“Non diventiamo cattivi maestri di noi stessi”

Erica D'Adda (Ulivo) avverte: non facciamo di tutta l'erba un fascio, è dalla disaffezione alla democrazia che nasce l'antipolitica

A un uomo la vita consegna un orrore intraducibile per la razionalità umana; poi anni, giorni e minuti secondi per ricordare e testimoniare quell’orrore.

Se S. Agostino aveva ragione quando diceva:” né i tempi futuri né quelli passati sono ed è improprio dire che i tempi sono tre, passato, presente e futuro. Probabilmente sarebbe appropriato dire che i tempi sono tre in questo senso: il presente di quel che è passato, il presente del presente, il presente del futuro. Queste tre specie di tempi sono quindi nell’anima e non vedo come possano essere altrove” allora Angioletto Castiglioni è condannato ad essere sempre lì, nell’orrore indicibile e ancora lo vive.

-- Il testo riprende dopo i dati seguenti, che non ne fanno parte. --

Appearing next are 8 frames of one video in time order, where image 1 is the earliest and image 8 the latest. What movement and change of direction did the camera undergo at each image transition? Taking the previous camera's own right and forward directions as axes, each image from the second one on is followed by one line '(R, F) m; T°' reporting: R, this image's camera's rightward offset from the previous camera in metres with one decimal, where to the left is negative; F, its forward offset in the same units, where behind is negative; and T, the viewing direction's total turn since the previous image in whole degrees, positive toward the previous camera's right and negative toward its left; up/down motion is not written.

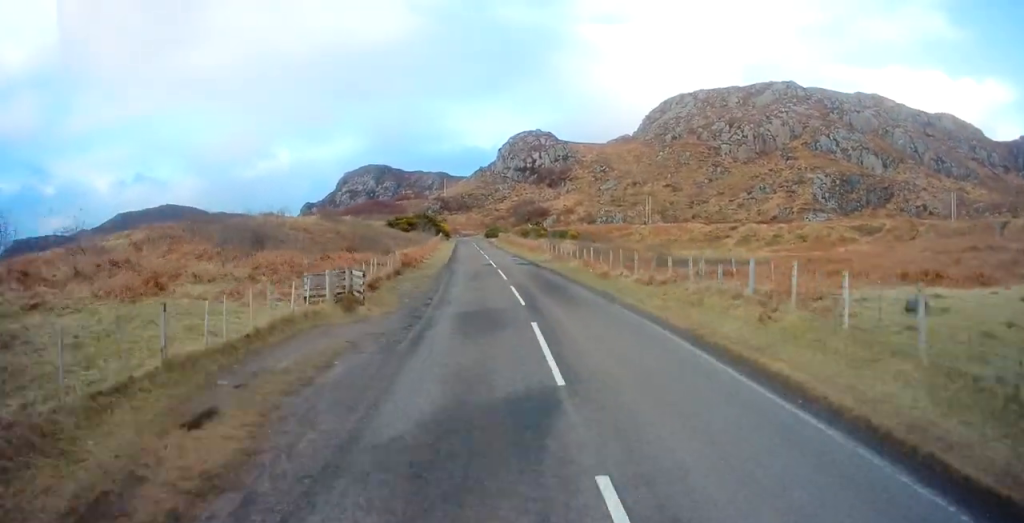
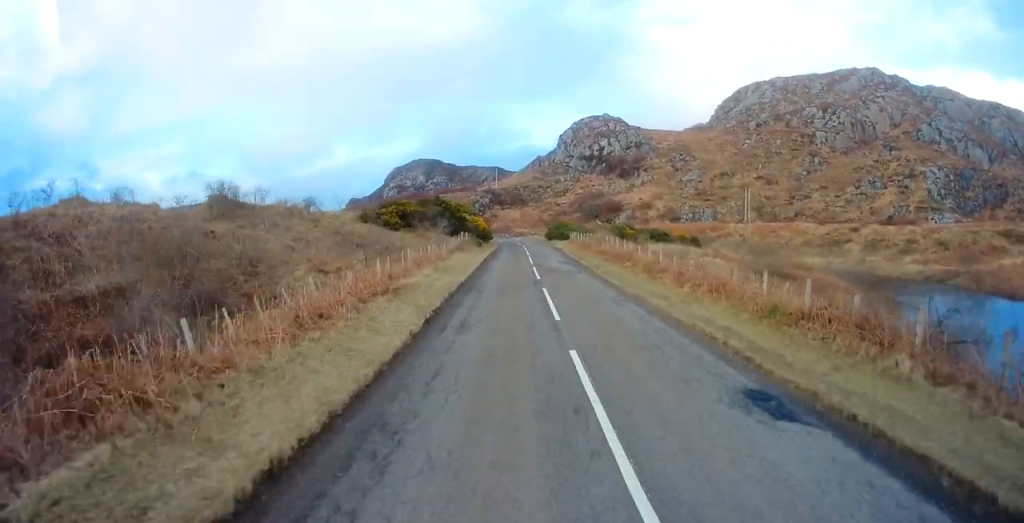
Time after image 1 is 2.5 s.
(-1.9, +39.2) m; -5°
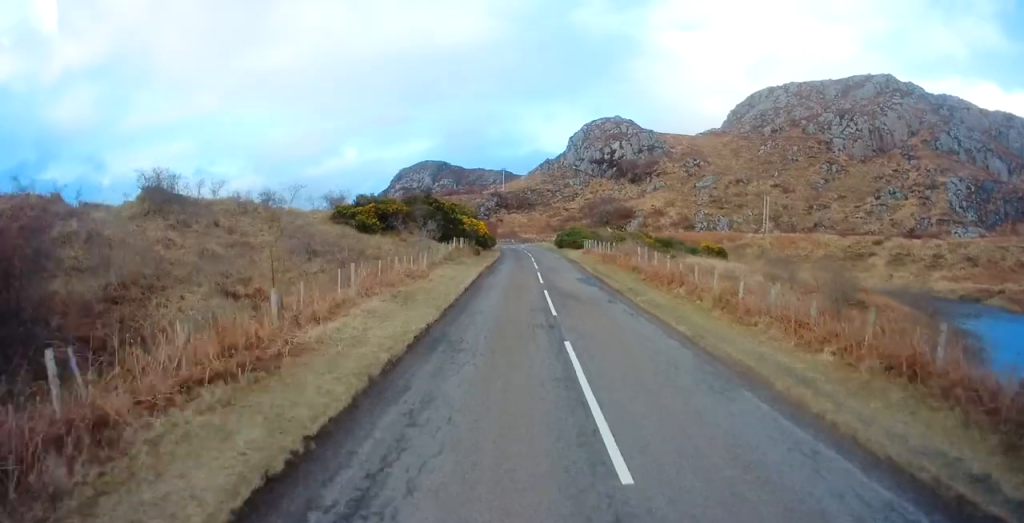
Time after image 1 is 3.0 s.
(0.0, +8.4) m; -1°
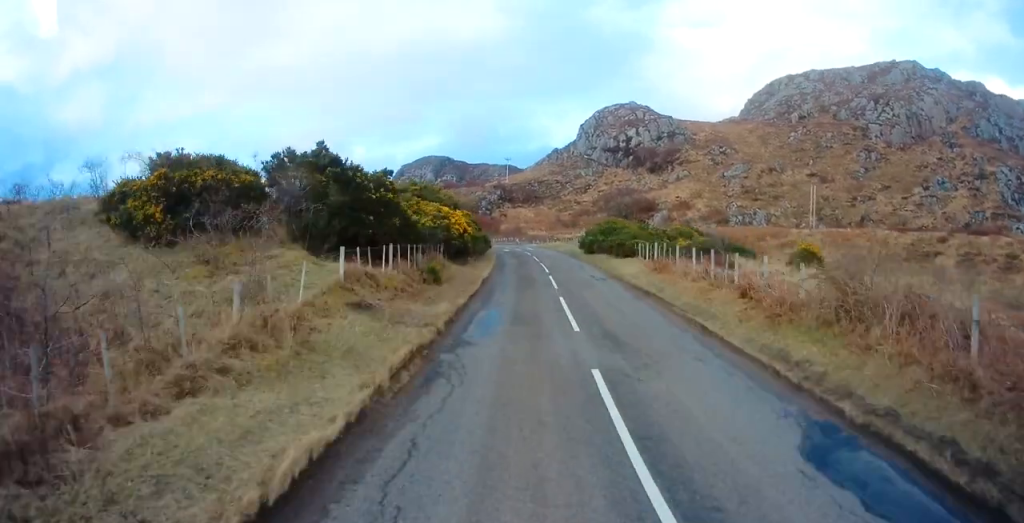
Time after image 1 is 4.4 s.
(-0.2, +21.5) m; +1°
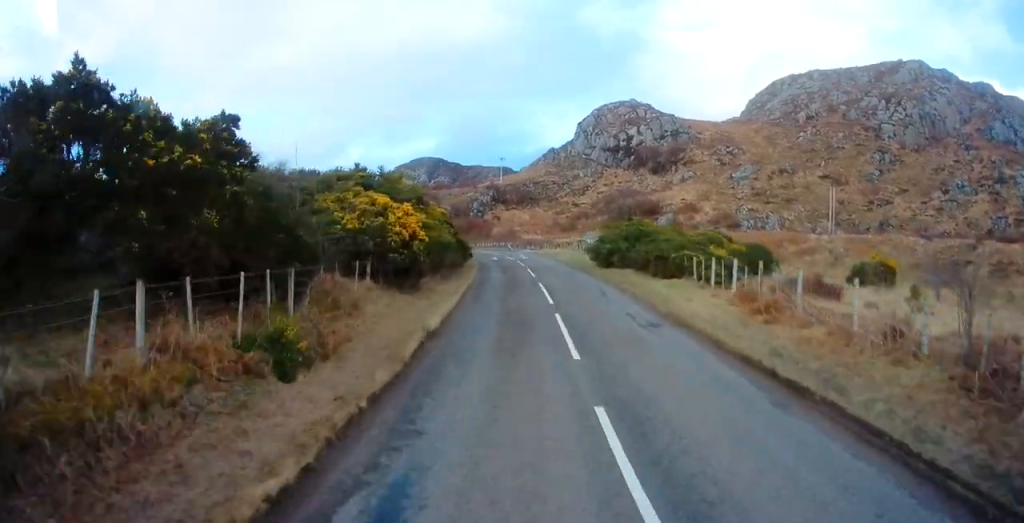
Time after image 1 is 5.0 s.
(+0.2, +11.0) m; +1°
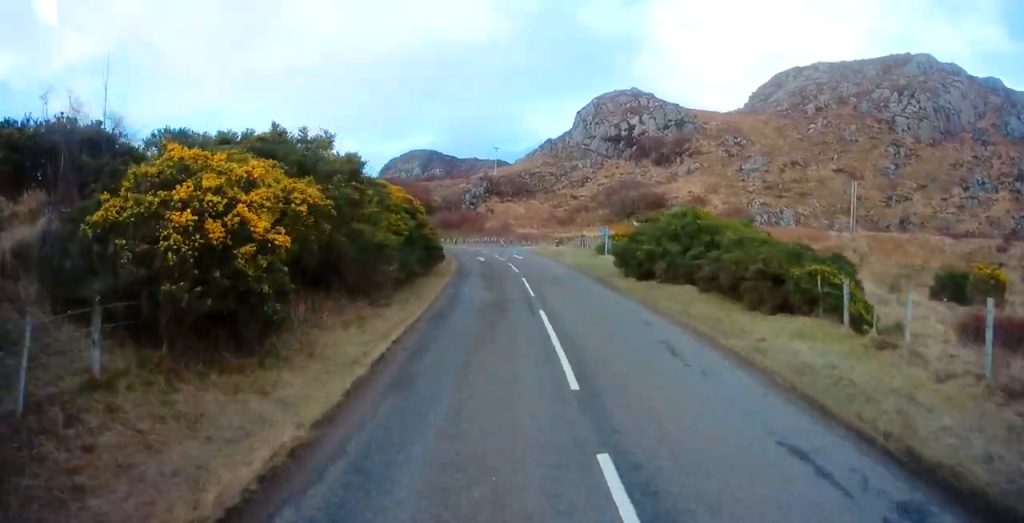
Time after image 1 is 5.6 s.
(0.0, +9.5) m; -1°
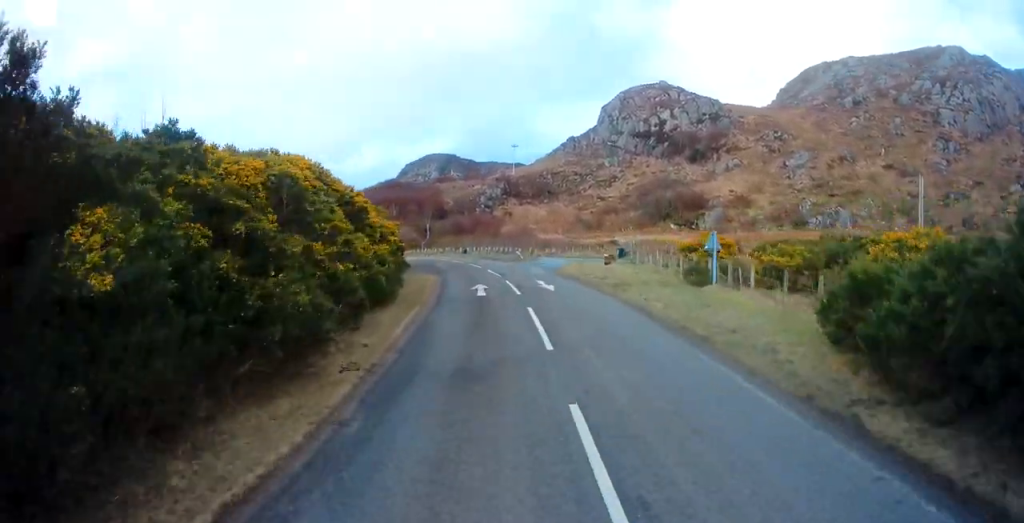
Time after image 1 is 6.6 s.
(-0.3, +15.2) m; -3°
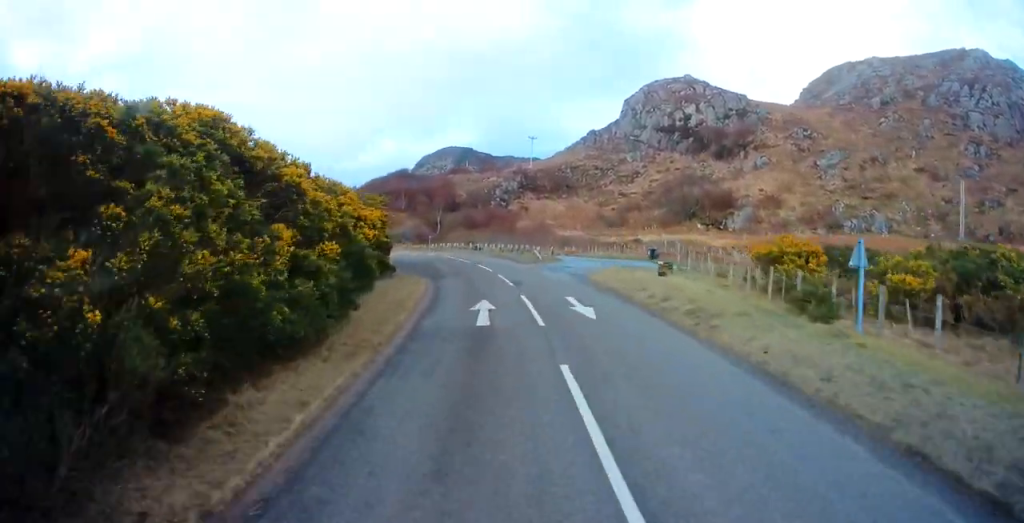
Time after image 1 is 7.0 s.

L’immagine di quest’uomo insultato da una muta di vigliacchi senza capelli e senza ragione nella via principale della nostra città, solo, senza nessuno che gli si affiancasse e lo difendesse, lascia un malessere sordo che le grandi parole non riescono a dissipare.

Le parole, lasciate correre a fiumi nelle manifestazioni ufficiali non bastano più. Sembriamo avere perso l’aderenza fra la nostra parola e la cosa.

Se non reagiamo insieme con un salto culturale di qualità superiore, continuo nel tempo e non limitato all’iconografia ufficiale, rischiamo tutti.

Ancora le parole, che possono essere pietre. E le può tirare anche un giornalista intelligente.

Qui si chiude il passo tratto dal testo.